Records provided>
━━━━━━

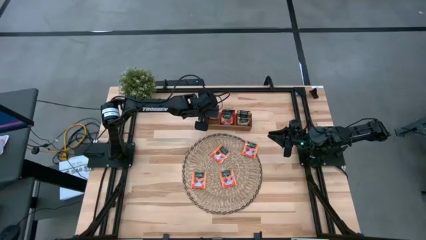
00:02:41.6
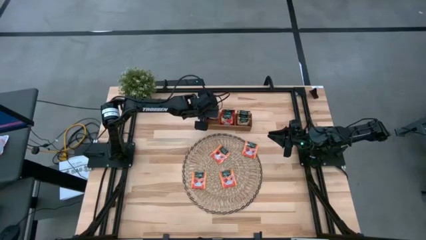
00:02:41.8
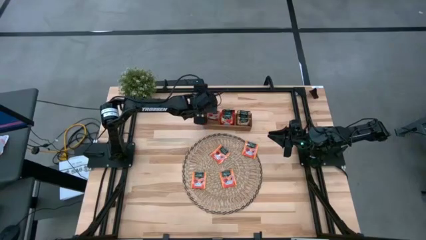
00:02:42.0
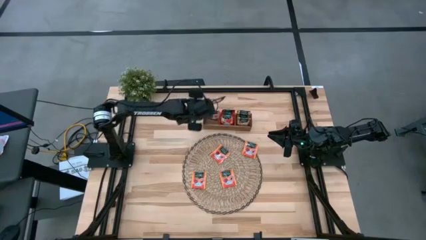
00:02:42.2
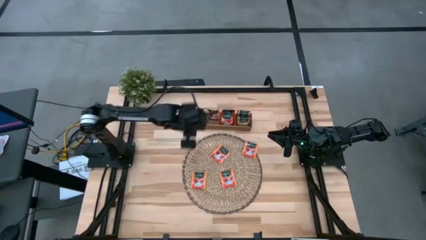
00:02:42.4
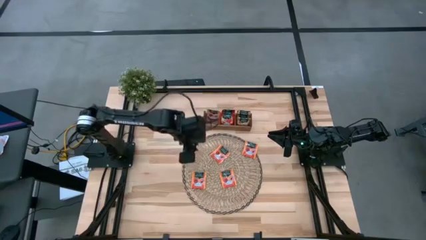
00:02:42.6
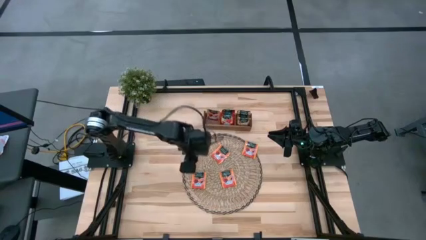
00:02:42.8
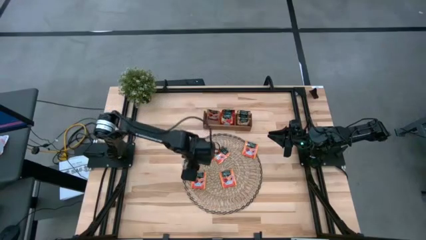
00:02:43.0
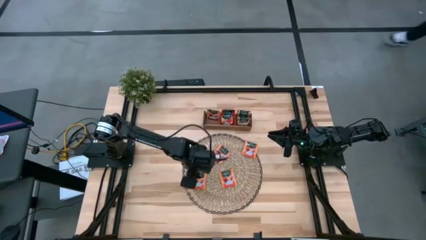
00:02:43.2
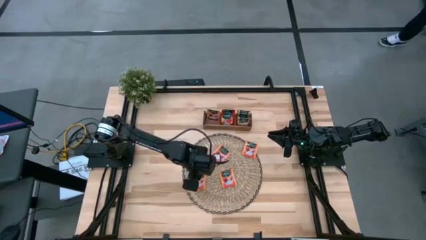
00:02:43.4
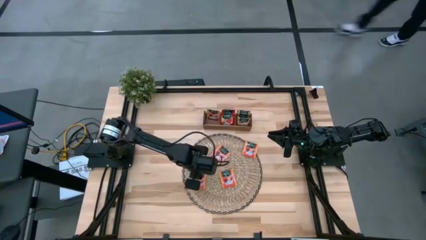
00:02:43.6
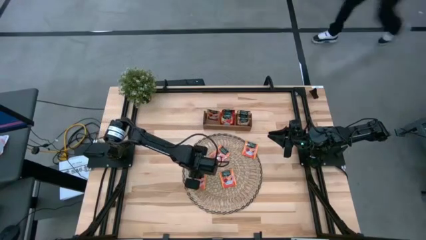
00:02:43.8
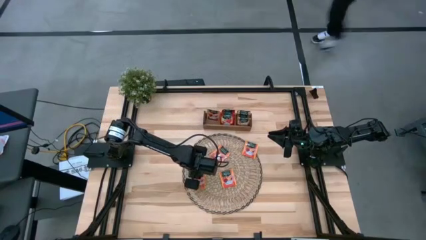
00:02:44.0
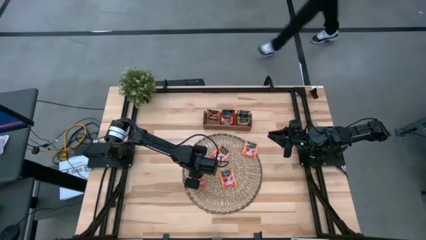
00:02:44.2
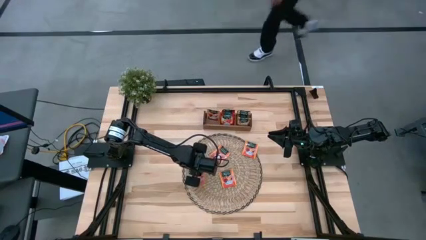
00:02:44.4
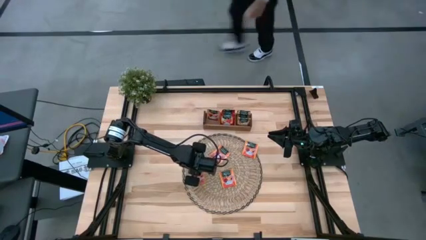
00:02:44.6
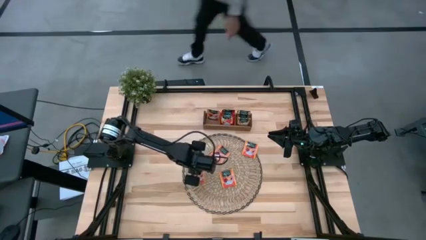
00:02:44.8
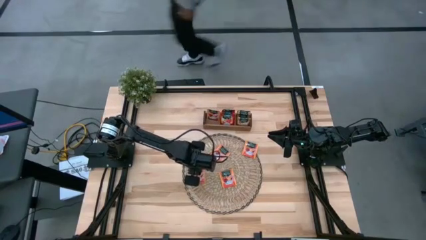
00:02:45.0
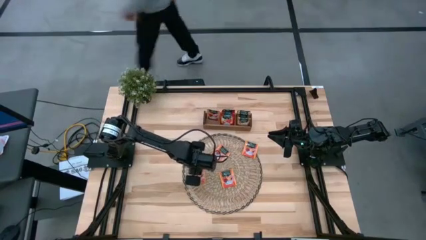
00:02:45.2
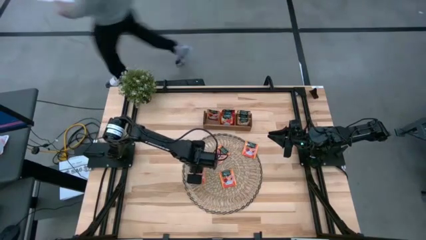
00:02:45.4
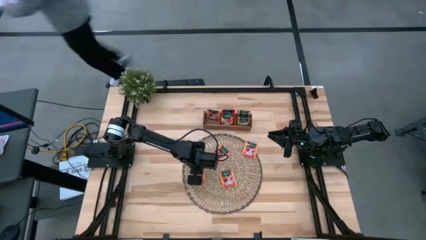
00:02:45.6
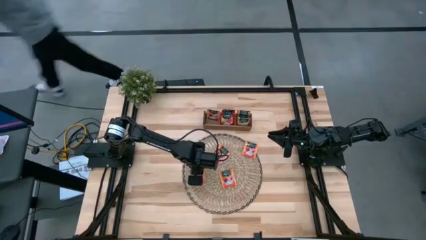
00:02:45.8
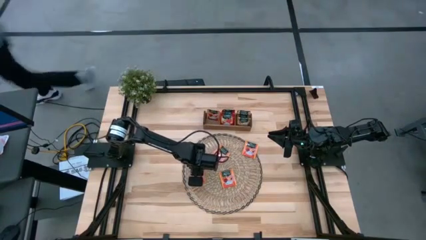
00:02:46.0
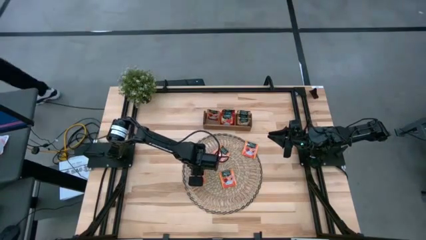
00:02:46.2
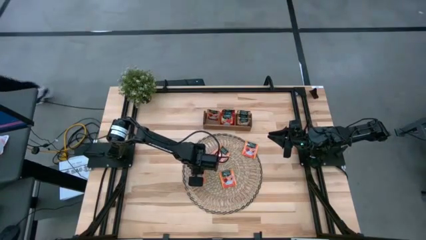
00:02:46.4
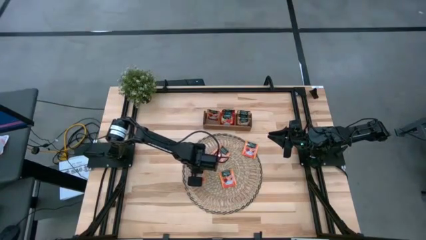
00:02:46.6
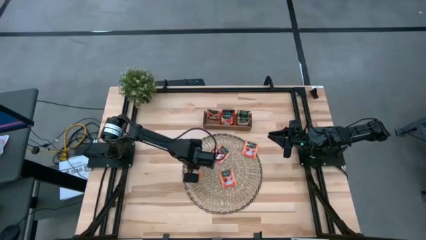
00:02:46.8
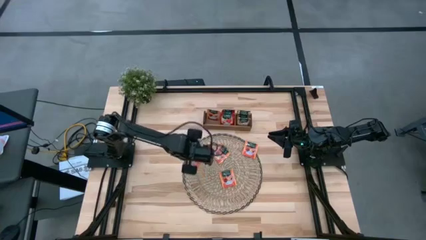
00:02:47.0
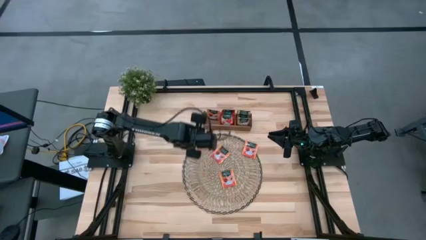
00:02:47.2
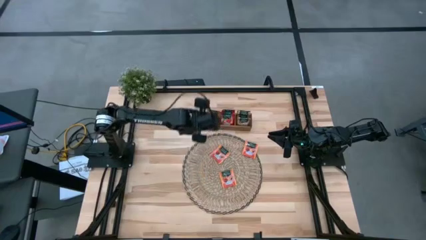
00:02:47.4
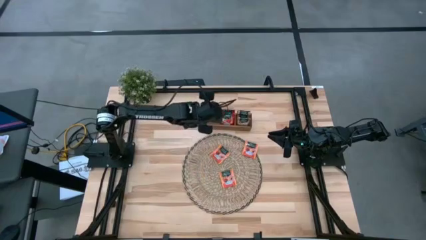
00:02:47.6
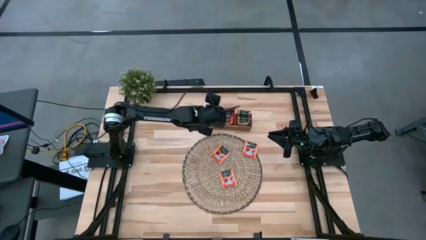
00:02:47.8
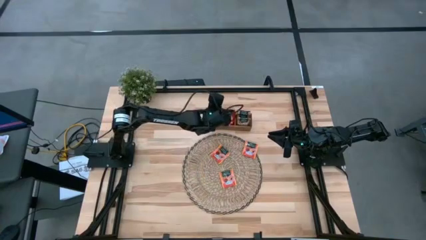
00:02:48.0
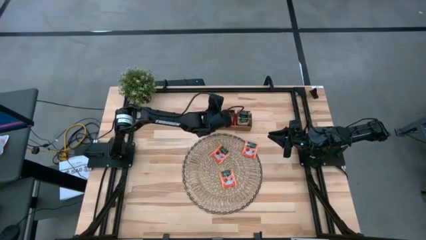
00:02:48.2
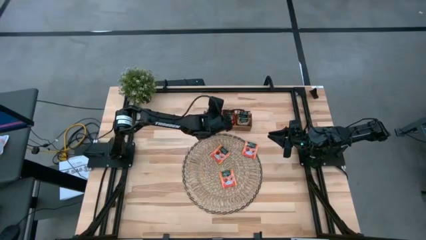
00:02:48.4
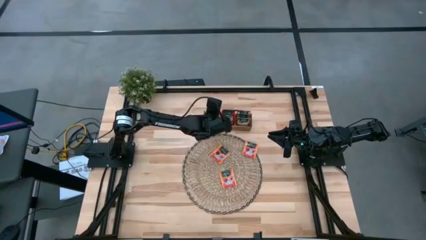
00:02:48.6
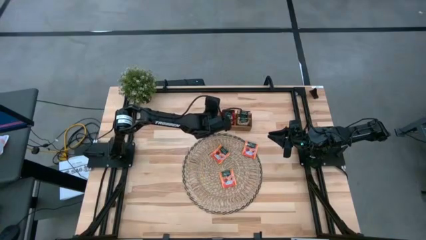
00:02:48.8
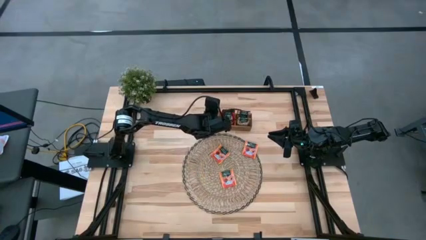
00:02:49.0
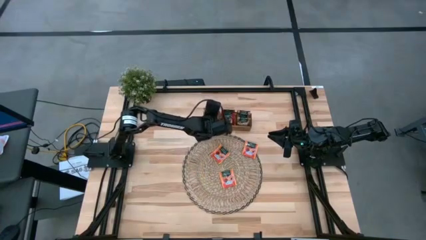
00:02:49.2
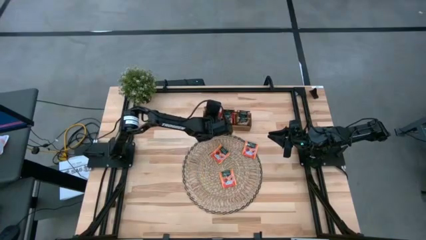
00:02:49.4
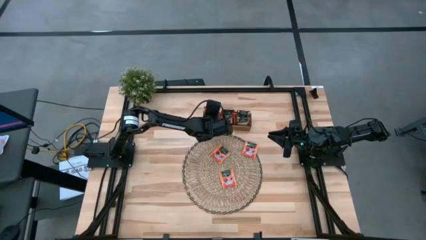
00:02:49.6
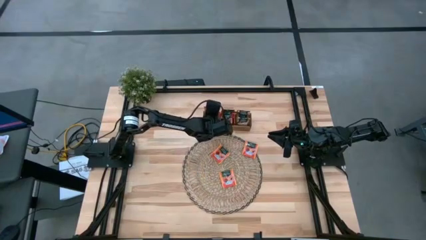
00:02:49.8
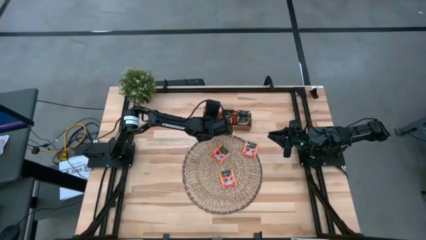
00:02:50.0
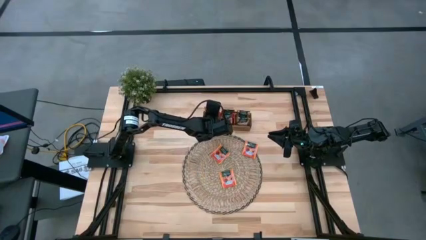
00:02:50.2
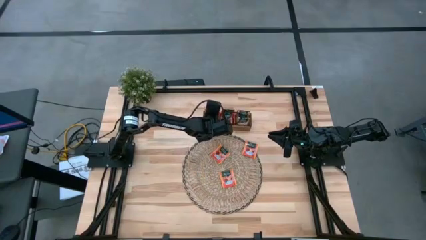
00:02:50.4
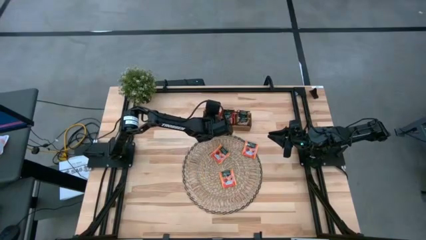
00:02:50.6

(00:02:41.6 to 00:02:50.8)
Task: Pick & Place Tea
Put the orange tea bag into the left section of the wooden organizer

━━━━━━

Goal of the exercise>
Every line of the data should be transcribed exactly. Omit the images.

Written solution>
00:02:41.6
00:02:41.8
00:02:42.0
00:02:42.2
00:02:42.4
00:02:42.6
00:02:42.8
00:02:43.0
00:02:43.2
00:02:43.4
00:02:43.6
00:02:43.8
00:02:44.0
00:02:44.2
00:02:44.4
00:02:44.6
00:02:44.8
00:02:45.0
00:02:45.2
00:02:45.4
00:02:45.6
00:02:45.8
00:02:46.0
00:02:46.2
00:02:46.4
00:02:46.6
00:02:46.8
00:02:47.0
00:02:47.2
00:02:47.4
00:02:47.6
00:02:47.8
00:02:48.0
00:02:48.2
00:02:48.4
00:02:48.6
00:02:48.8
00:02:49.0
00:02:49.2
00:02:49.4
00:02:49.6
00:02:49.8
00:02:50.0
00:02:50.2
00:02:50.4
00:02:50.6

(00:02:41.6 to 00:02:50.8)
Task: Pick & Place Tea
Put the orange tea bag into the left section of the wooden organizer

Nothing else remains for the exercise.